Hello all, Faster signals are available as an attachment here. I tried attaching to #6814, but my upload was always accepted with 0 length. Odd.
The updated patch applies cleanly to 8156.
In addition to changes in patch, the following files may be removed from the tree: svn rm django/dispatch/errors.py django/dispatch/robust.py django/dispatch/robustapply.py tests/regressiontests/dispatch/tests/test_robustapply.py
Keith Bussell did at least as much work on this as I did. He prevailed to keep weak references and noted a rather shocking bug.
The first thing worth noting is that the changes are backwards incompatible:
1) All receivers to accept **kwargs. The benefit here is that signal dispatch is much quicker because it doesn't have to worry about conforming the sender's arguments to the receiver's arguments. (When settings.DEBUG == True, connect asserts that the receiver does indeed accept **kwargs.) 2) Dropped support for `Anonymous` sender. `Any` is still functionally available if Signal.connect is called with a `sender` of `None`. 3) The __author__, __cvsid__ and __version__ attributes were removed from django.dispatch, along with various other internals from the original pydispatcher implementation.
Also, robustApply has died. (And there was much rejoicing?)
Signals go from object sentinels to class Signal instances. These keep track of their own receivers. Order of dispatch to receivers is preserved, though I think the API shouldn't guarantee that-- it's just faster for send to use a list of receivers than a dict, but that may change at some point.
Since signals were not officially documented before, this patch doesn't include docs.
Any receiver wanting to ensure unique connection (despite, say, duplicate module loads) should define a dispatch_uid attribute. e.g. ======= def some_handler(**kwargs): pass some_handler.dispatch_uid = 'my very unique id' post_syncdb.connect(some_handler) =======
django.dispatch.dispatcher.* still exist for backwards compatibility; literally the only change client code should need to make is adding **kwargs.
OK, the fun stuff: We assume that the 0-receiver case is most common, that is that most projects don't use signals, and therefore shouldn't pay much of an overhead if they aren't used. (With a nod to bharring's prior approach of monkey-patching upon first listen.)
We assume that even on projects that use signals, connect and disconnect of handlers is relatively rare compared to the number of sent/received signals.

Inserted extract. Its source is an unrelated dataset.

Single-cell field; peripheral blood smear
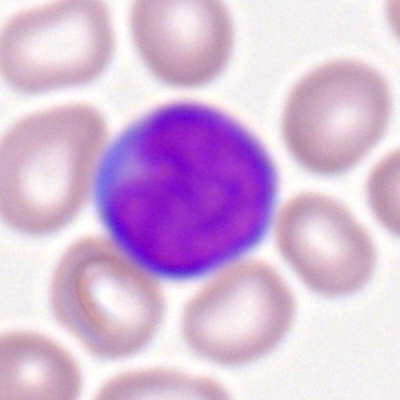
{"cell_type": "myeloid blast", "lineage": "myeloid"}

Optimizations have those things in mind.
Summary results: Signal sends with no listeners in process: 67% faster Signal sends with no listeners, but 10 other listeners on different signals: 91% faster Signal sends with 30 weakref receivers: 60% faster Signal sends with 30 strongref receivers: 67% faster
As a sideline, I noted even though signal handling frequently should hold weak references to receivers, dealing with weak references has a fairly high overhead. I took a hack at adding a USE_WEAK_SIGNALS settings (similar in purpose to USE_I18N) where people can opt-out of the weakref safety net and into yet faster signal handling. My approach was to have a base signal class which deferred weak vs. strong semantics to subclasses. Unfortunately, that approach led to more function call overhead, which lost most of the gain to be had. In other words, USE_WEAK_SIGNALS could gain more performance (about 20% over this new performance), but would require some code duplication to avoid function call overhead. Out of time now. In any case, that could be done in a backwards compatible way, so it's not a 1.0 API issue.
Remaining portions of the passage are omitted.